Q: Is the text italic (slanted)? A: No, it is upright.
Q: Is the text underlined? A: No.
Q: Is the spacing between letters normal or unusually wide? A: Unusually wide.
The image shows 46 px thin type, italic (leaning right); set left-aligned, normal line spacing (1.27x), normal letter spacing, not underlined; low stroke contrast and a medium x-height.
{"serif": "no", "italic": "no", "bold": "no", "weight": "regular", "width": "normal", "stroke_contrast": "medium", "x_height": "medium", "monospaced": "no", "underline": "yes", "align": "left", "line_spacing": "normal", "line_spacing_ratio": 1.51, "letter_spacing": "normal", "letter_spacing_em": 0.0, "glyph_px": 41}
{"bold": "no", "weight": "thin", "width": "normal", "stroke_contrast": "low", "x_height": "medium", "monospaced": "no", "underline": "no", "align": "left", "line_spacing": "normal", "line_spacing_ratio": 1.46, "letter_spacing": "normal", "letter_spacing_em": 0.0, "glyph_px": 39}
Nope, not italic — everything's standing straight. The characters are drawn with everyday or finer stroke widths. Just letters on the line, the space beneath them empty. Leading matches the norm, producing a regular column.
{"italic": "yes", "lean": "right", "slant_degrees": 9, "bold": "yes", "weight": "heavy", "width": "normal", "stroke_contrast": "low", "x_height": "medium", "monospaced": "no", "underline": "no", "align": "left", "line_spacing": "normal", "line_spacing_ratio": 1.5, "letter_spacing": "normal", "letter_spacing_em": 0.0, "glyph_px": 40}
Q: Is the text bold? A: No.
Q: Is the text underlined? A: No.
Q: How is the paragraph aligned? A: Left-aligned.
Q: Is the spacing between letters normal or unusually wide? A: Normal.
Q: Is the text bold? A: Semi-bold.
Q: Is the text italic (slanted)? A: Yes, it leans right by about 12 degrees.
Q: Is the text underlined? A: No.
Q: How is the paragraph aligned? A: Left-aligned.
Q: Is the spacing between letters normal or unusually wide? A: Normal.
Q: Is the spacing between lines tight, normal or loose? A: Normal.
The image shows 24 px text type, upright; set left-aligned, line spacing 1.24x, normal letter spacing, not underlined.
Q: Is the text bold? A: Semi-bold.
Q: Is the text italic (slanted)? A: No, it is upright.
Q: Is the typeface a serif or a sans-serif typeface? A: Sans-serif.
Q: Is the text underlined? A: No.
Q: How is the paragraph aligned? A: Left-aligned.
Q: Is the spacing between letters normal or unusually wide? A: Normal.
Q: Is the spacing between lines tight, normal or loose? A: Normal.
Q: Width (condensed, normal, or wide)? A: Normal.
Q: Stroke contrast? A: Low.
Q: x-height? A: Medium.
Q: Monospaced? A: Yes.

-- Exercise description --
The expected response is every record, reproduced word for word.

-- Your response --
Q: Is the text italic (slanted)? A: No, it is upright.
Q: Is the text underlined? A: No.
Q: Is the spacing between letters normal or unusually wide? A: Unusually wide.
The image shows 46 px thin type, italic (leaning right); set left-aligned, normal line spacing (1.27x), normal letter spacing, not underlined; low stroke contrast and a medium x-height.
{"serif": "no", "italic": "no", "bold": "no", "weight": "regular", "width": "normal", "stroke_contrast": "medium", "x_height": "medium", "monospaced": "no", "underline": "yes", "align": "left", "line_spacing": "normal", "line_spacing_ratio": 1.51, "letter_spacing": "normal", "letter_spacing_em": 0.0, "glyph_px": 41}
{"bold": "no", "weight": "thin", "width": "normal", "stroke_contrast": "low", "x_height": "medium", "monospaced": "no", "underline": "no", "align": "left", "line_spacing": "normal", "line_spacing_ratio": 1.46, "letter_spacing": "normal", "letter_spacing_em": 0.0, "glyph_px": 39}
Nope, not italic — everything's standing straight. The characters are drawn with everyday or finer stroke widths. Just letters on the line, the space beneath them empty. Leading matches the norm, producing a regular column.
{"italic": "yes", "lean": "right", "slant_degrees": 9, "bold": "yes", "weight": "heavy", "width": "normal", "stroke_contrast": "low", "x_height": "medium", "monospaced": "no", "underline": "no", "align": "left", "line_spacing": "normal", "line_spacing_ratio": 1.5, "letter_spacing": "normal", "letter_spacing_em": 0.0, "glyph_px": 40}
Q: Is the text bold? A: No.
Q: Is the text underlined? A: No.
Q: How is the paragraph aligned? A: Left-aligned.
Q: Is the spacing between letters normal or unusually wide? A: Normal.
Q: Is the text bold? A: Semi-bold.
Q: Is the text italic (slanted)? A: Yes, it leans right by about 12 degrees.
Q: Is the text underlined? A: No.
Q: How is the paragraph aligned? A: Left-aligned.
Q: Is the spacing between letters normal or unusually wide? A: Normal.
Q: Is the spacing between lines tight, normal or loose? A: Normal.
The image shows 24 px text type, upright; set left-aligned, line spacing 1.24x, normal letter spacing, not underlined.
Q: Is the text bold? A: Semi-bold.
Q: Is the text italic (slanted)? A: No, it is upright.
Q: Is the typeface a serif or a sans-serif typeface? A: Sans-serif.
Q: Is the text underlined? A: No.
Q: How is the paragraph aligned? A: Left-aligned.
Q: Is the spacing between letters normal or unusually wide? A: Normal.
Q: Is the spacing between lines tight, normal or loose? A: Normal.
Q: Width (condensed, normal, or wide)? A: Normal.
Q: Stroke contrast? A: Low.
Q: x-height? A: Medium.
Q: Monospaced? A: Yes.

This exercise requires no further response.